Gestora das cabulosas

'O Cruzeiro não é uma equipe formada por salvadores da pátria', diz Kin Saito

Angel Drumond
angel.lima@hojeemdia.com.br
Publicado em 27/11/2023 às 11:56.
Gestora das Cabulosas analisa evolução do futebol feminino e do clube na gestão SAF (Reprodução/Cruzeiro/Gerdau)

Gestora das Cabulosas analisa evolução do futebol feminino e do clube na gestão SAF (Reprodução/Cruzeiro/Gerdau)

Se no futebol masculino o Cruzeiro está passando por dificuldades, seja dentro de campo ou fora dele, no feminino a história está completamente diferente. Uma semana atrás, a equipe comandada por Jonas Urias bateu o Atlético e conquistou o Campeonato Mineiro. E uma das responsáveis pelo sucesso da temporada é Kin Saito, diretora de futebol das ‘Cabulosas’.

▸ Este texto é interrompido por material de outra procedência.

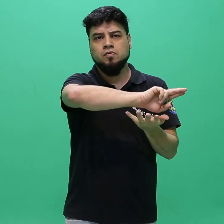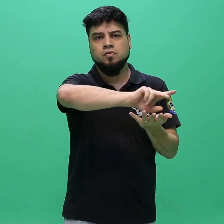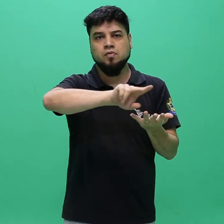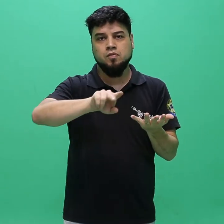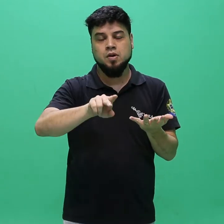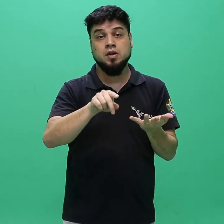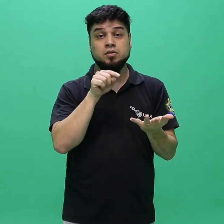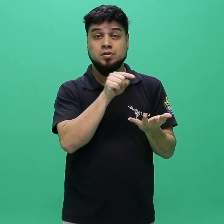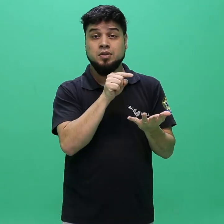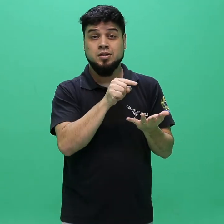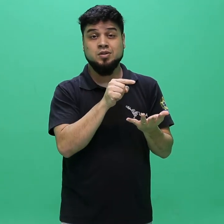de dados.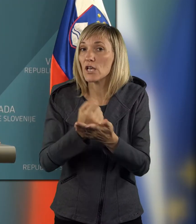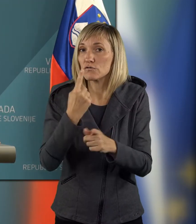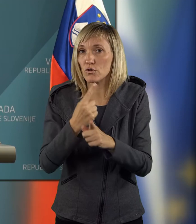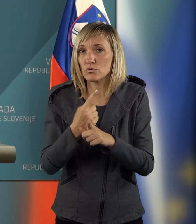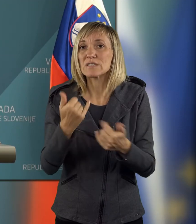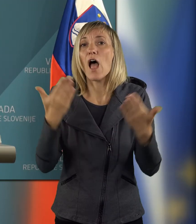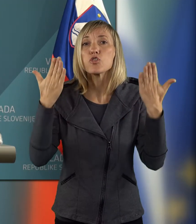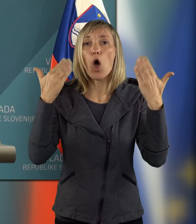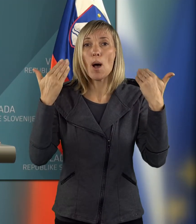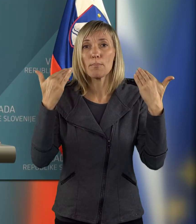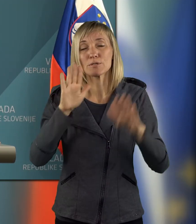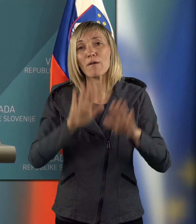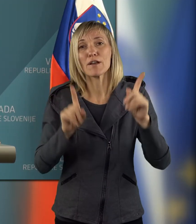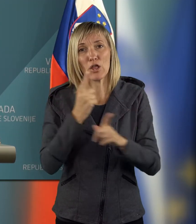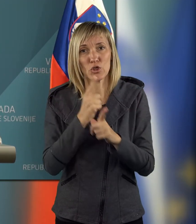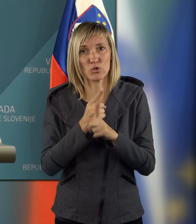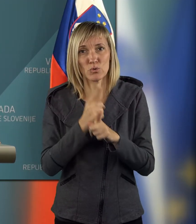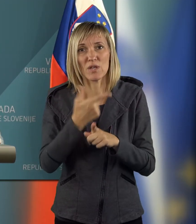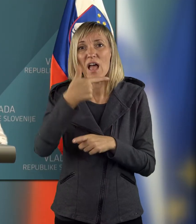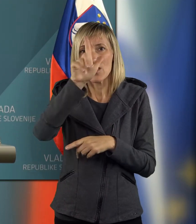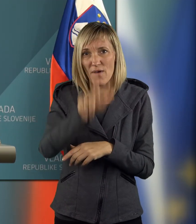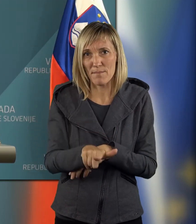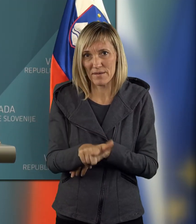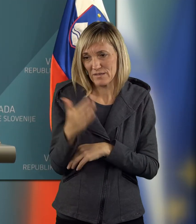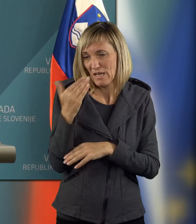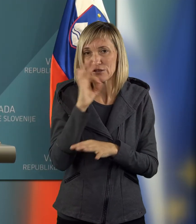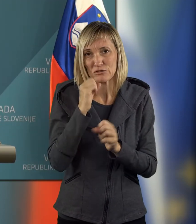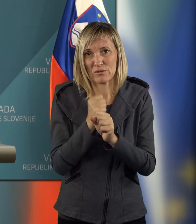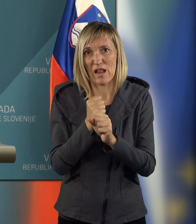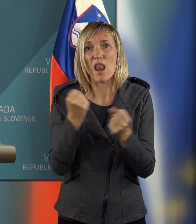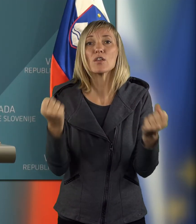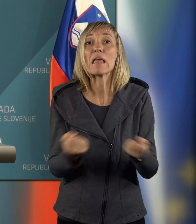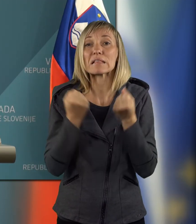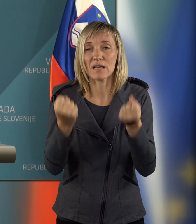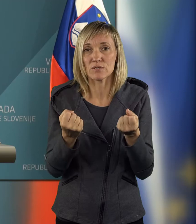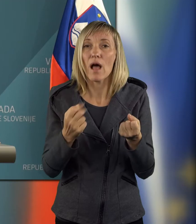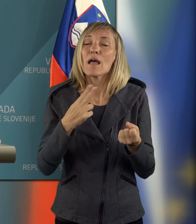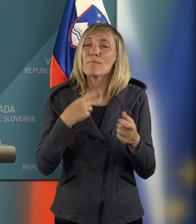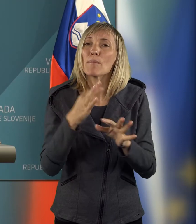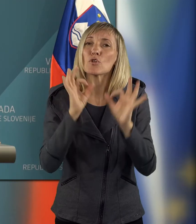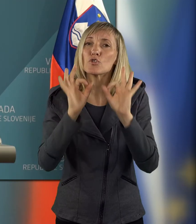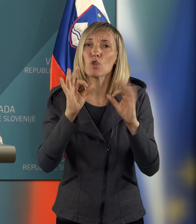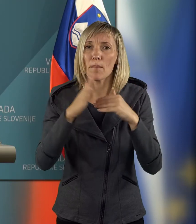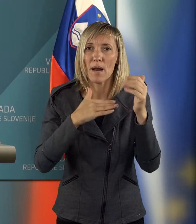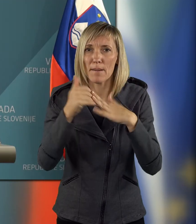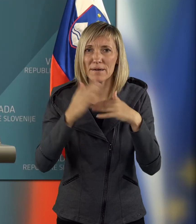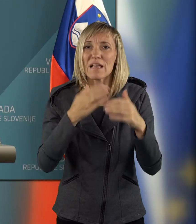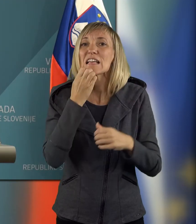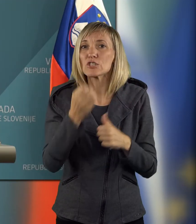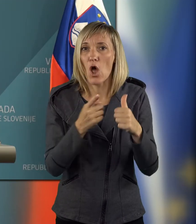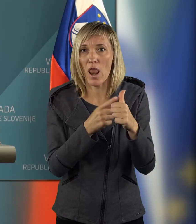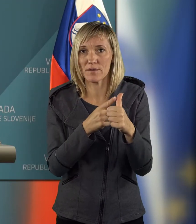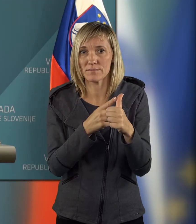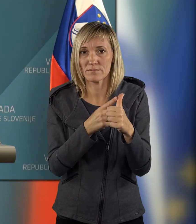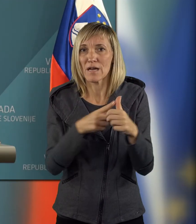tudi, da so zdaj dopustili, pa verjetno tudi te dva meseca niso intenzivno delali. Imamo pa svetle zadeve, pogledajte si izolo,

Formada em Jornalismo pela Pontifícia Universidade Católica do Rio de Janeiro, Kin atua no ramo desde 2015. De 2015 a 2017, atuou no Departamento de Comunicação da Confederação Brasileira de Futebol (CBF). Depois passou a trabalhar como coordenadora de futebol feminino no Grupo R9, do Ronaldo Fenômeno, sócio majoritário do Cruzeiro SAF.

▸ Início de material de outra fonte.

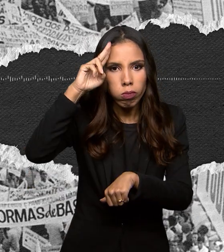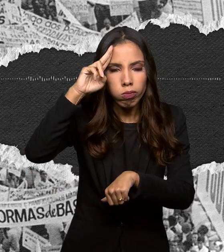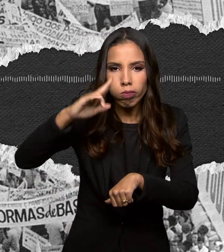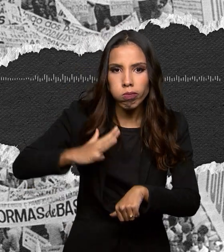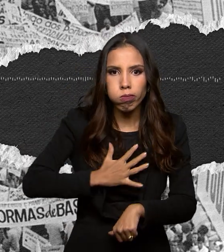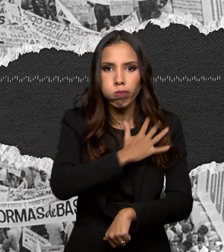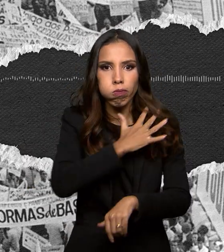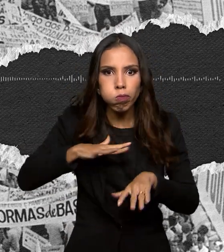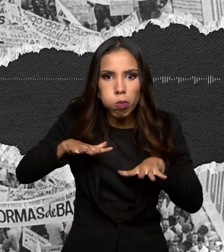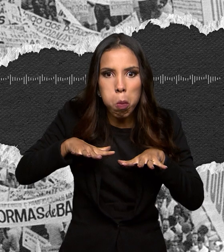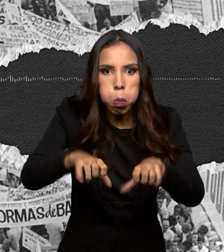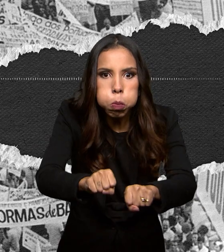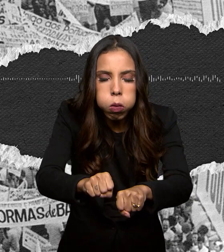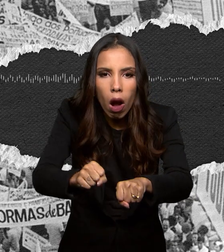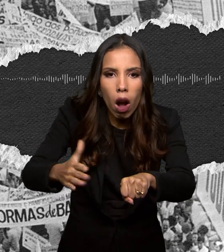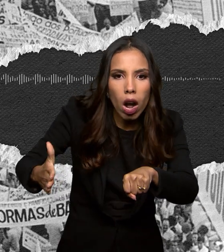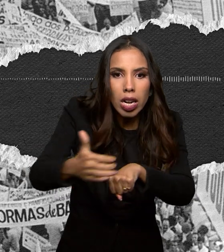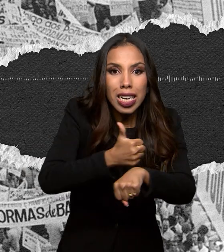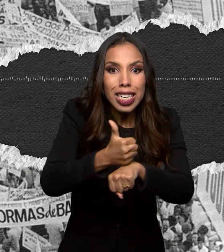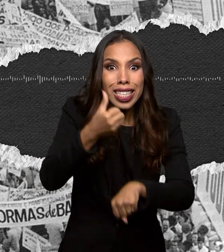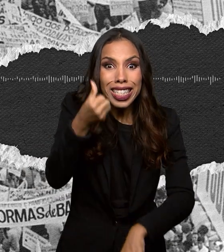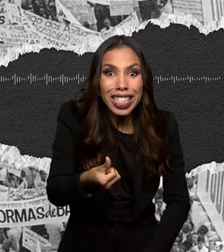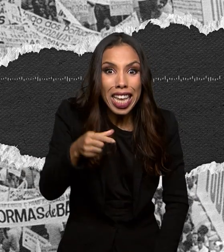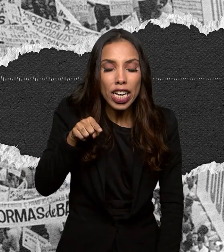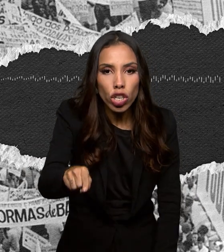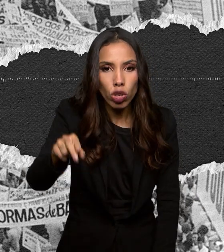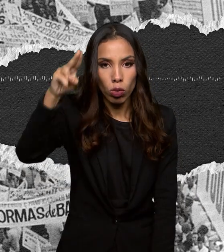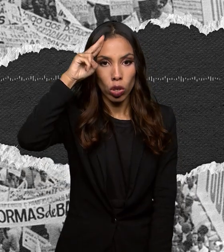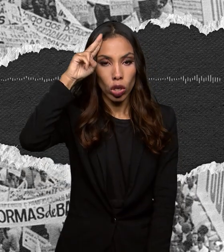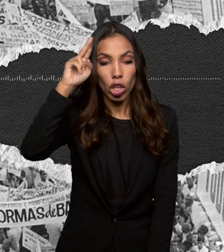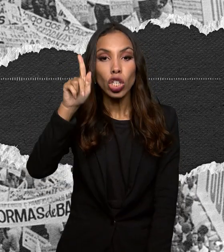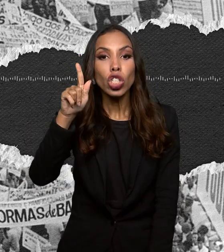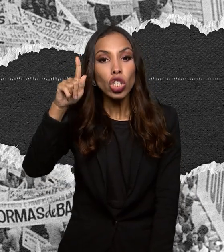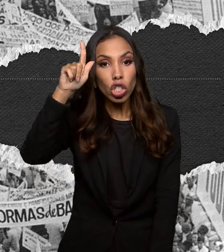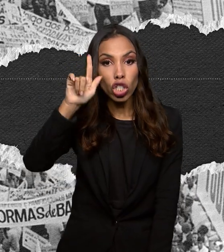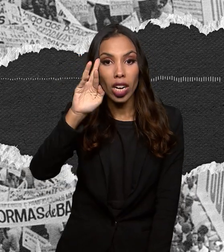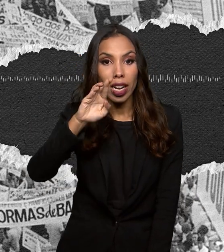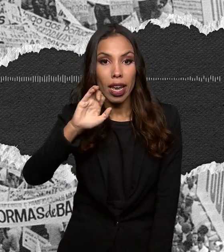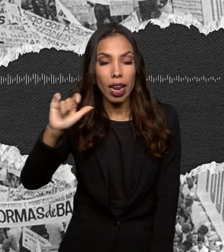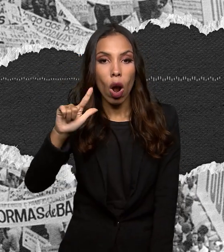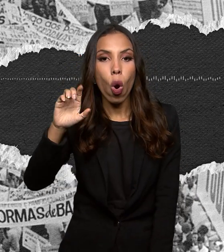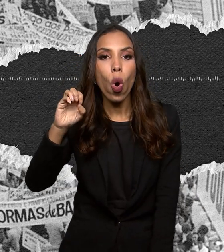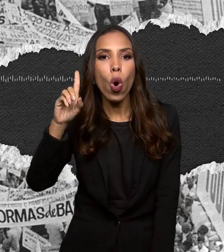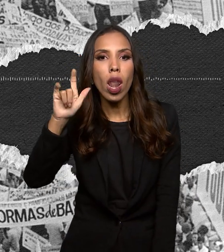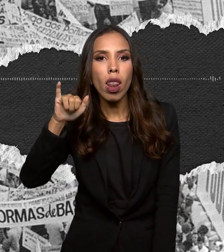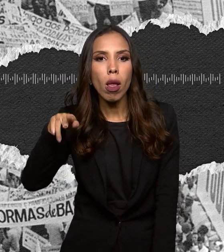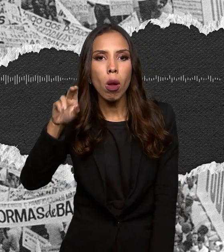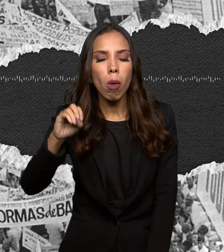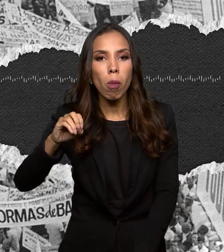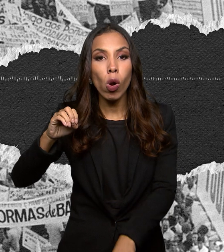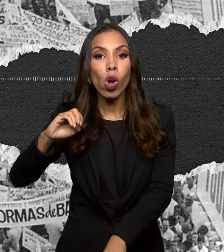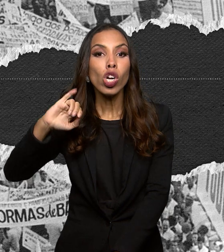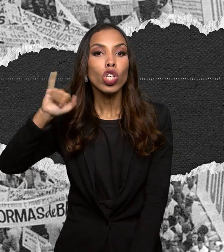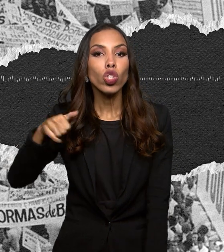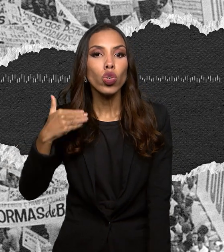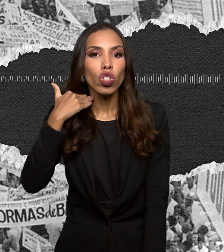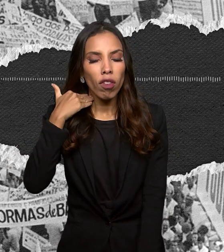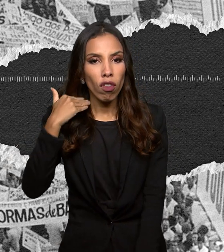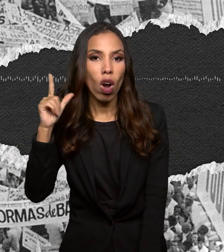cerca de 6 mil soldados, comandados pelo general Olímpio Mourão Filho, tinham saído de Juiz de Fora, em Minas, e vinham marchando

No clube desde maio, Kin vem acumulando bons resultados na gestão. As Cabulosas, que lutaram contra o rebaixamento no ano passado, esse ano chegaram a uma fase final inédita do Campeonato Brasileiro, além de conquistarem o Campeonato Mineiro após três anos batendo na trave.

Em uma conversa com o Hoje em Dia, Kin falou sobre os projetos à frente da Raposa, Seleção Brasileira e sobre a gestão da SAF.

Em visita à Toca II no início do ano, os jornalistas foram informados que o futebol feminino é um pilar estratégico da SAF do Cruzeiro. O que mudou depois da chegada do Ronaldo?
Por muito tempo, o futebol feminino foi visto como uma obrigação dos clubes, a partir do licenciamento de clubes da CBF e da Conmebol, e não com esse entendimento que é um pilar estratégico. Então o que mudou de uma forma prática é que o futebol feminino passou a ser tratado com respeito, com estrutura, porque por muitos anos, antes da chegada do Ronaldo, o futebol feminino não era integrado à Toca I ou Toca II e agora elas operam a rotina nos CTs do clube e toda essa parte de construção, de pedagogia do jogo, ou metodologia do jogo, de literalmente usar o mesmo gramado, o mesmo refeitório, os mesmos processos, foi a grande virada de chave. Fazer com que o futebol feminino e as atletas do futebol feminino se sintam pertencentes ao escudo que elas defendem e representam, para que o clube possa crescer também de acordo com que o mundo vem pedindo.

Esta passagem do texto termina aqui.